WHO has repeatedly called attention to such interference, stressing that the commercial interests of the industry are fundamentally incompatible with public health goals. Protecting health policies from any form of industry influence is now considered an essential condition for ensuring the effectiveness of legal measures. WHO has also documented significant progress, especially in the adoption of graphic health warnings, which increased from just a dozen countries in the early 2000s to over a hundred today, covering more than sixty percent of the global population. However, despite these encouraging signs, the full implementation of WHO-recommended tobacco control policies remains far from consistent.
Many countries still lack appropriate fiscal systems to make cigarettes less affordable; cessation programmes are limited and underfunded; public communication campaigns are often sporadic, lacking continuity and scientific backing. Tobacco advertising, promotion, and sponsorship bans are only partially implemented in most jurisdictions, leaving wide room for indirect marketing, especially on social media and in sports or cultural events.
Further complicating the scenario is the rapid expansion of ENDS—electronic nicotine delivery systems—and e-cigarettes, which have quickly entered global markets by exploiting a largely fragmented or absent regulatory framework. While the number of countries with specific regulations on these products is growing, many jurisdictions still lack any legal framework, allowing uncontrolled commercial penetration, often targeting vulnerable groups such as adolescents.

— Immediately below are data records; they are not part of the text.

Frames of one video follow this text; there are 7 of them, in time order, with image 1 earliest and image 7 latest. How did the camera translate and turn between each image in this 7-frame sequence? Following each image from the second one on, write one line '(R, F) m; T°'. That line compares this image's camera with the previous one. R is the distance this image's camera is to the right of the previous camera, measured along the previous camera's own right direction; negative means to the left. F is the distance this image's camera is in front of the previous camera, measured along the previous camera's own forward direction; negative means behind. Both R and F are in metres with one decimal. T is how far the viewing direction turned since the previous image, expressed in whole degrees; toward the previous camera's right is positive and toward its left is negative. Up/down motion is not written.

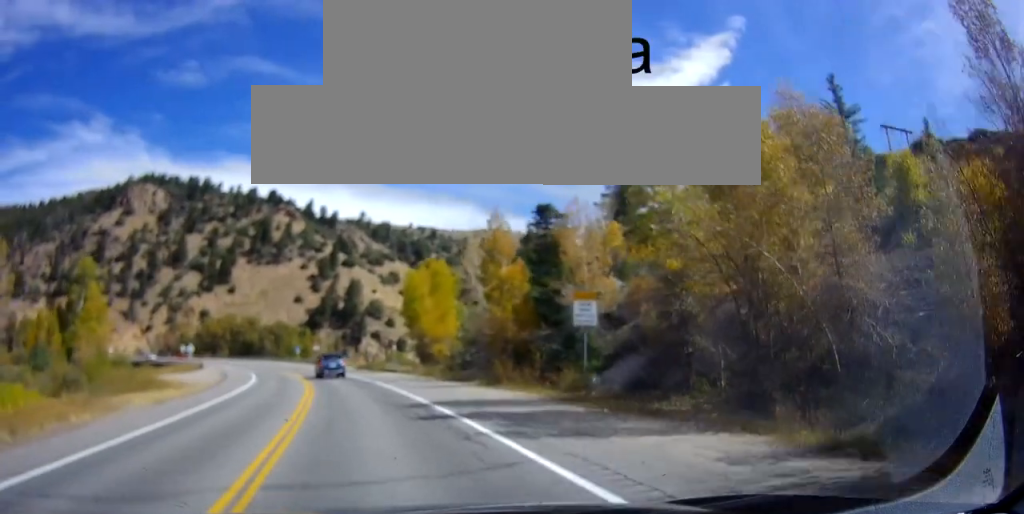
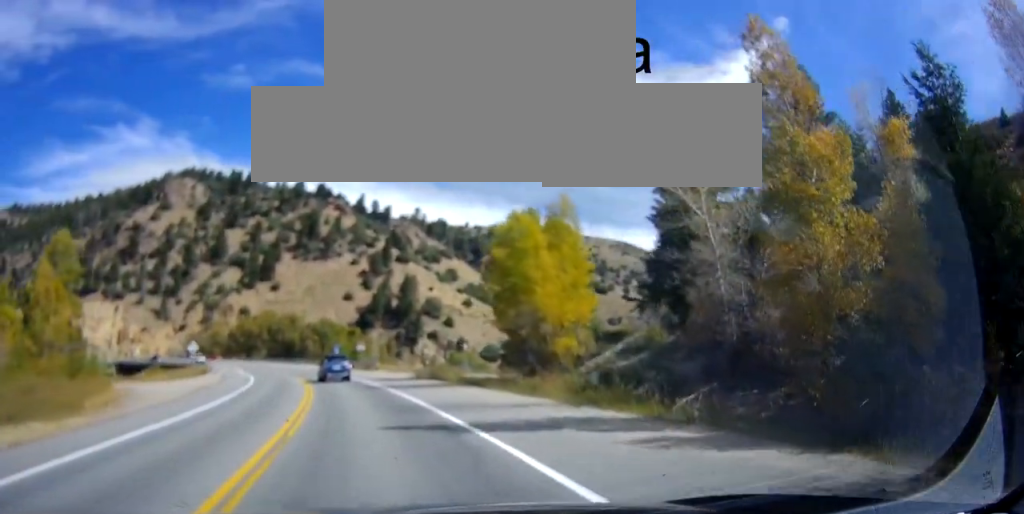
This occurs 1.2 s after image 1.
(-1.7, +21.2) m; -5°
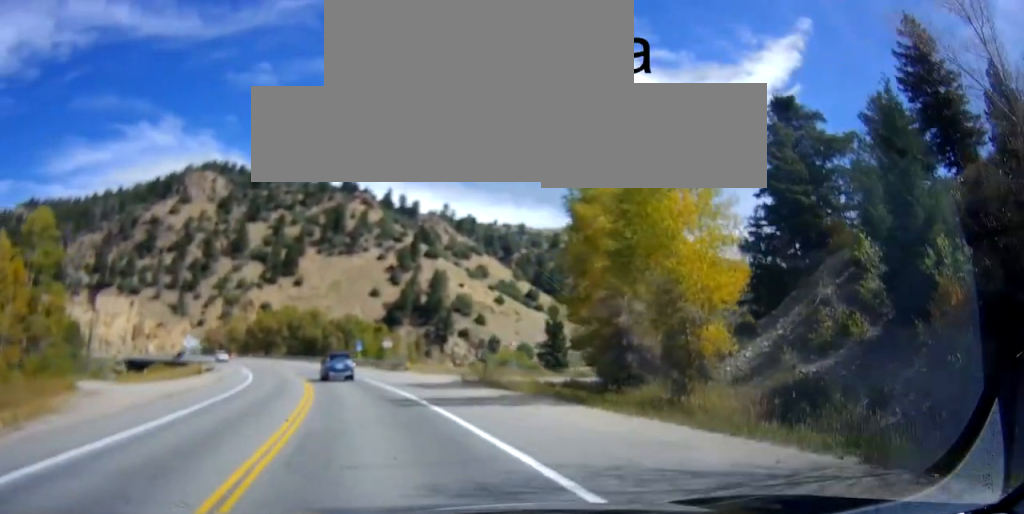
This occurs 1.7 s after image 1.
(+0.1, +10.3) m; -1°
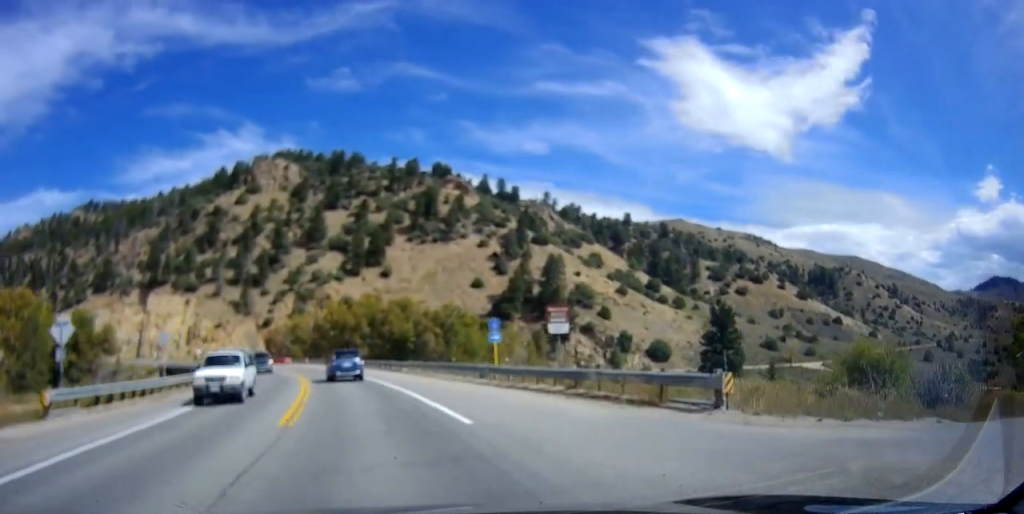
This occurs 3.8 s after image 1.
(-2.8, +37.3) m; -10°
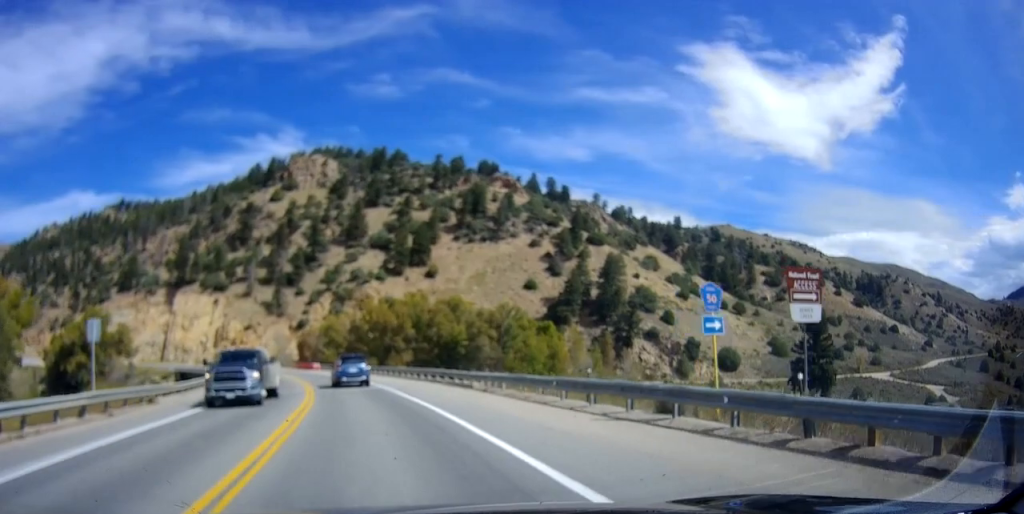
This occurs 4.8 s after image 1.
(-0.6, +15.7) m; -3°
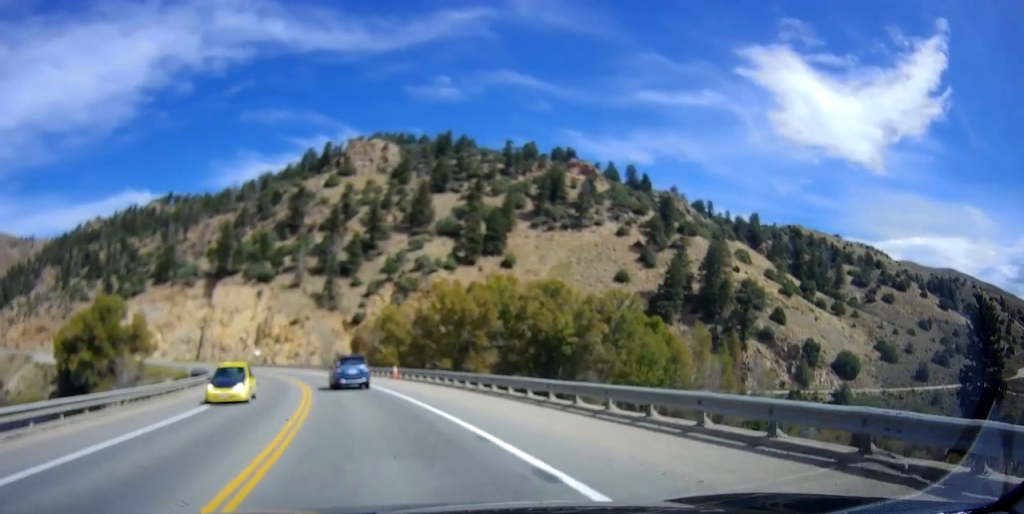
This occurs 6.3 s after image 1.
(-0.7, +25.5) m; -8°
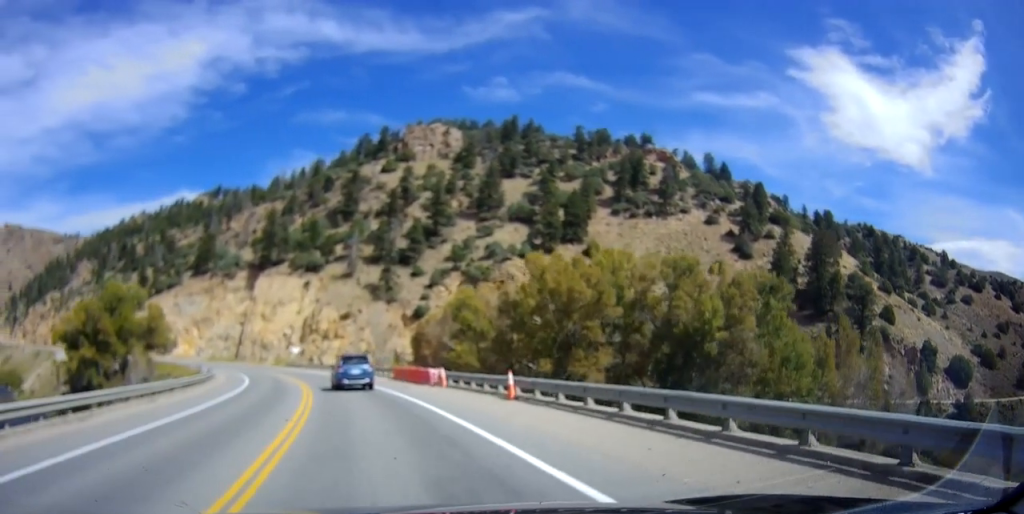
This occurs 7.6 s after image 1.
(-1.9, +21.0) m; -6°

WHO has expressed growing concern about the normalizing effect of these products and has urged governments to adopt strict regulation, guided by the same precautionary principle applied to traditional tobacco. The challenges ahead remain substantial: from the effective implementation of existing laws to strengthening enforcement mechanisms, to defending legal space from the increasing influence of multinational tobacco companies operating with ever more sophisticated and globalised strategies.

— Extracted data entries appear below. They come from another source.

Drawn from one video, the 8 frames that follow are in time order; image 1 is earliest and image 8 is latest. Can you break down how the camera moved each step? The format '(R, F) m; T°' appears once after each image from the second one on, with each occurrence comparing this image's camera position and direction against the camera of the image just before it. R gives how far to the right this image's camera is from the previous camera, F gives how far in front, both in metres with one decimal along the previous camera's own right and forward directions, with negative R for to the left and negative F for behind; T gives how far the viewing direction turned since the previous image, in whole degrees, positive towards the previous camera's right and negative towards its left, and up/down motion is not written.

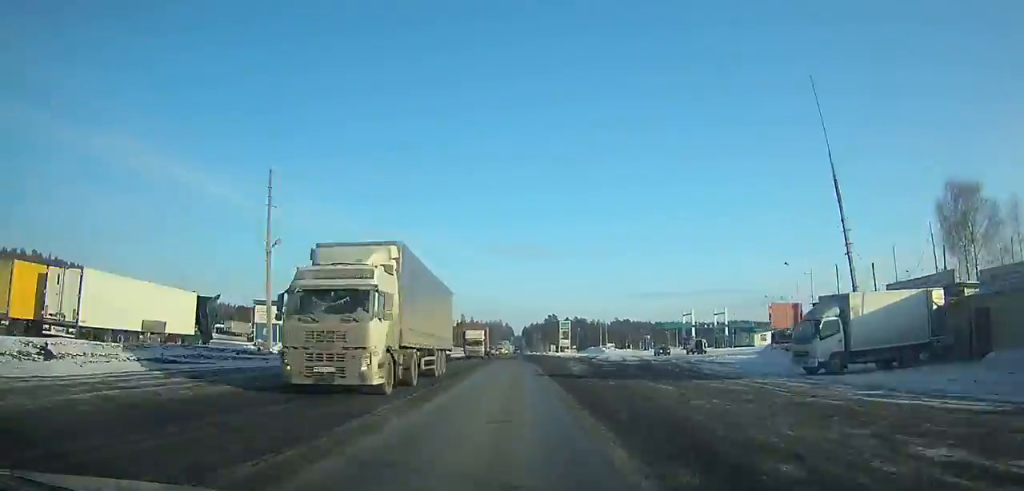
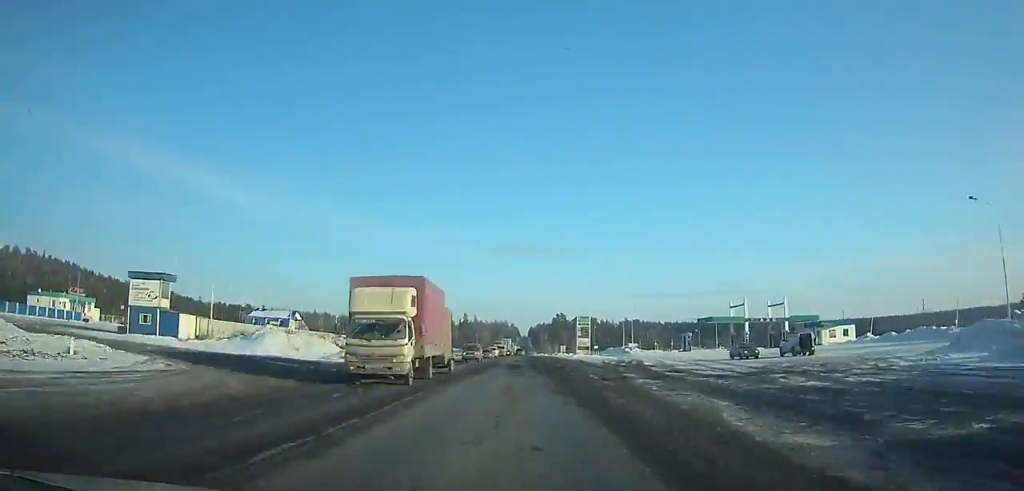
(-1.3, +27.0) m; -1°
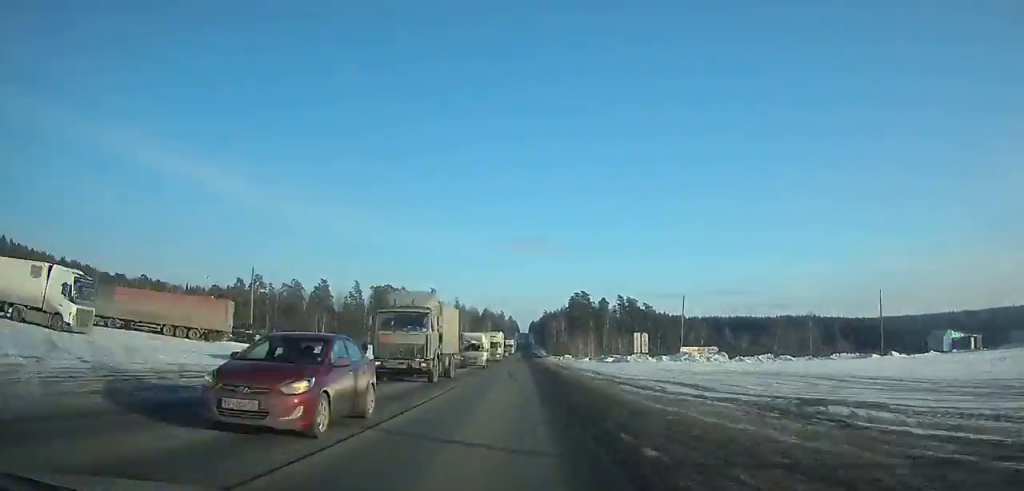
(+2.8, +175.0) m; 0°
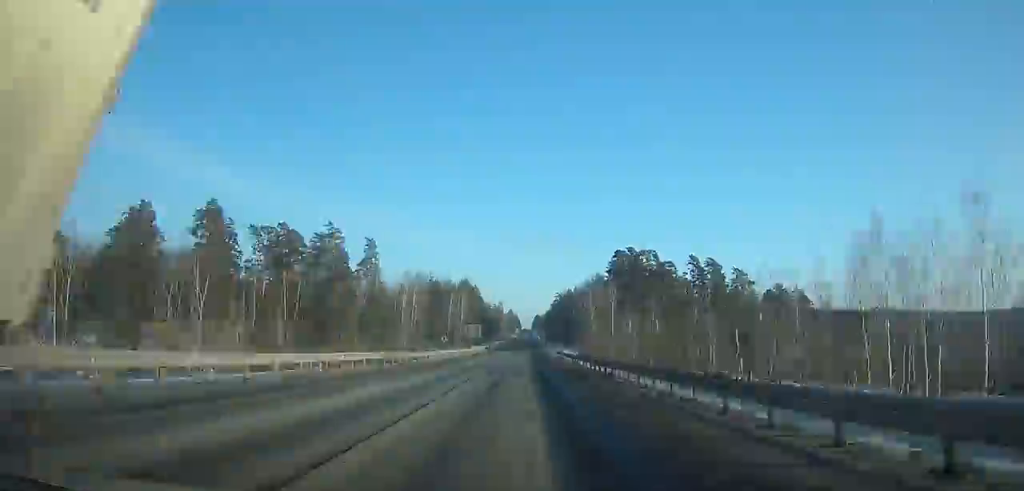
(0.0, +126.9) m; 0°
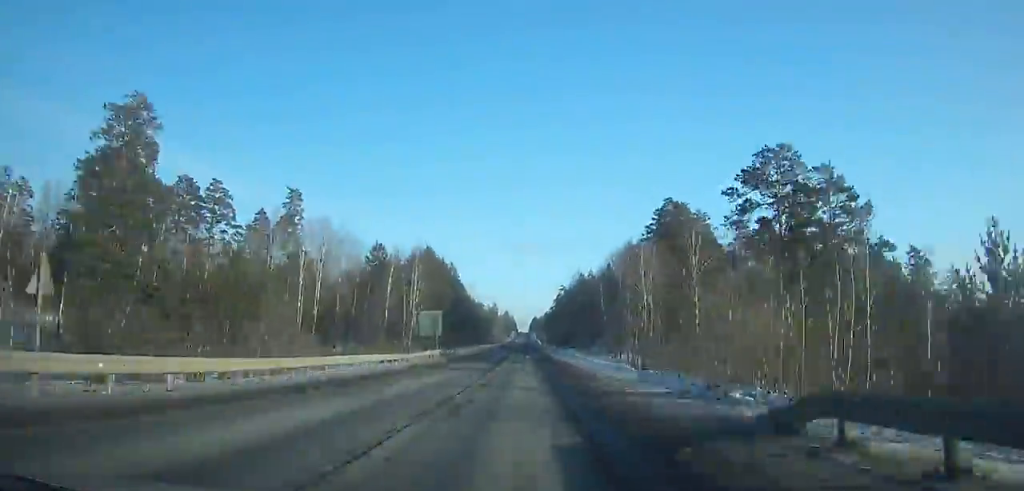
(+0.2, +56.1) m; 0°
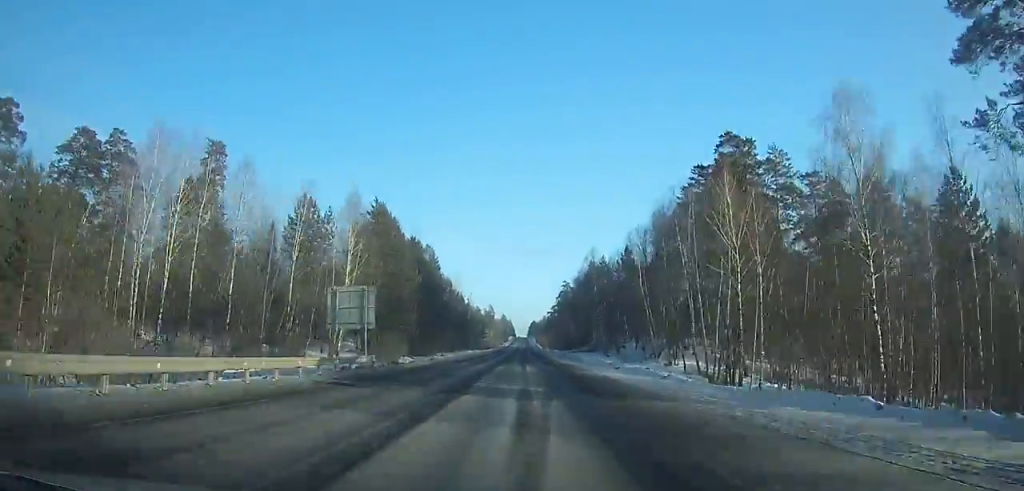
(+0.1, +30.8) m; 0°
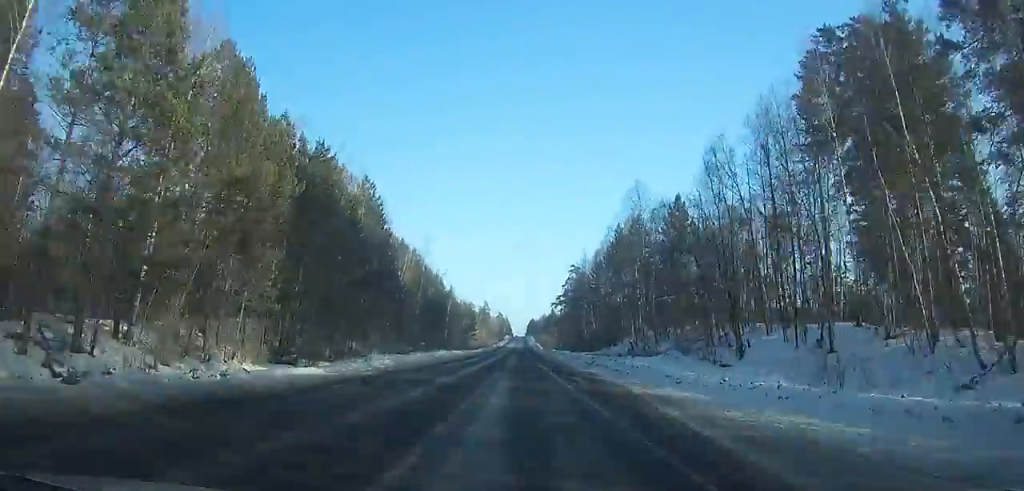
(0.0, +40.9) m; 0°
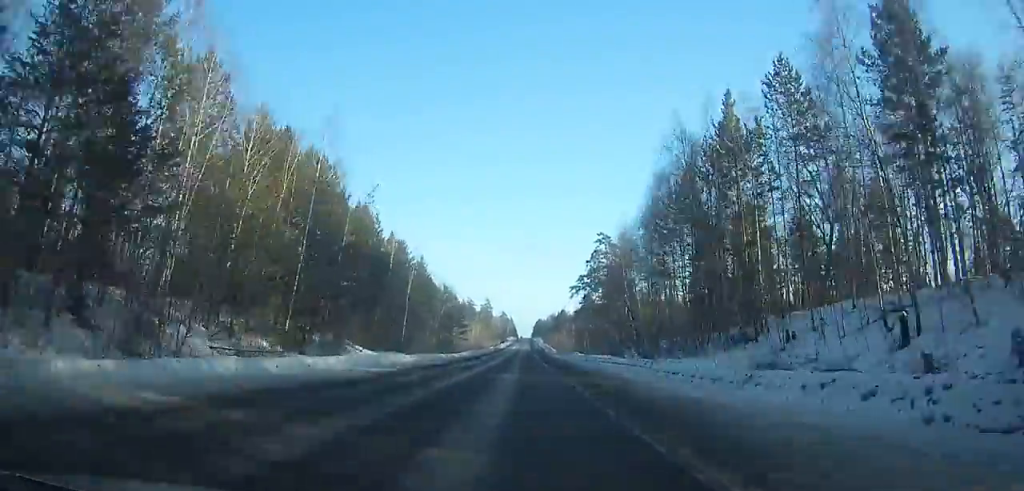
(0.0, +50.9) m; 0°

For WHO, law is not merely a tool of regulation—it is a means of collective empowerment and intergenerational protection. Reducing tobacco use is not only a public health priority; it is a fundamental requirement for sustainable development, the protection of vulnerable groups, the promotion of equality, and the fulfilment of the right to health as recognised in international law. In this context, governments are called upon to act decisively, close regulatory gaps, strengthen existing instruments, invest in data-driven public education, and ensure that no health policy is subject to private interests. Only a strong, coherent, and global legal response can halt an industry that continues to reinvent itself in order to survive—at the cost of millions of lives.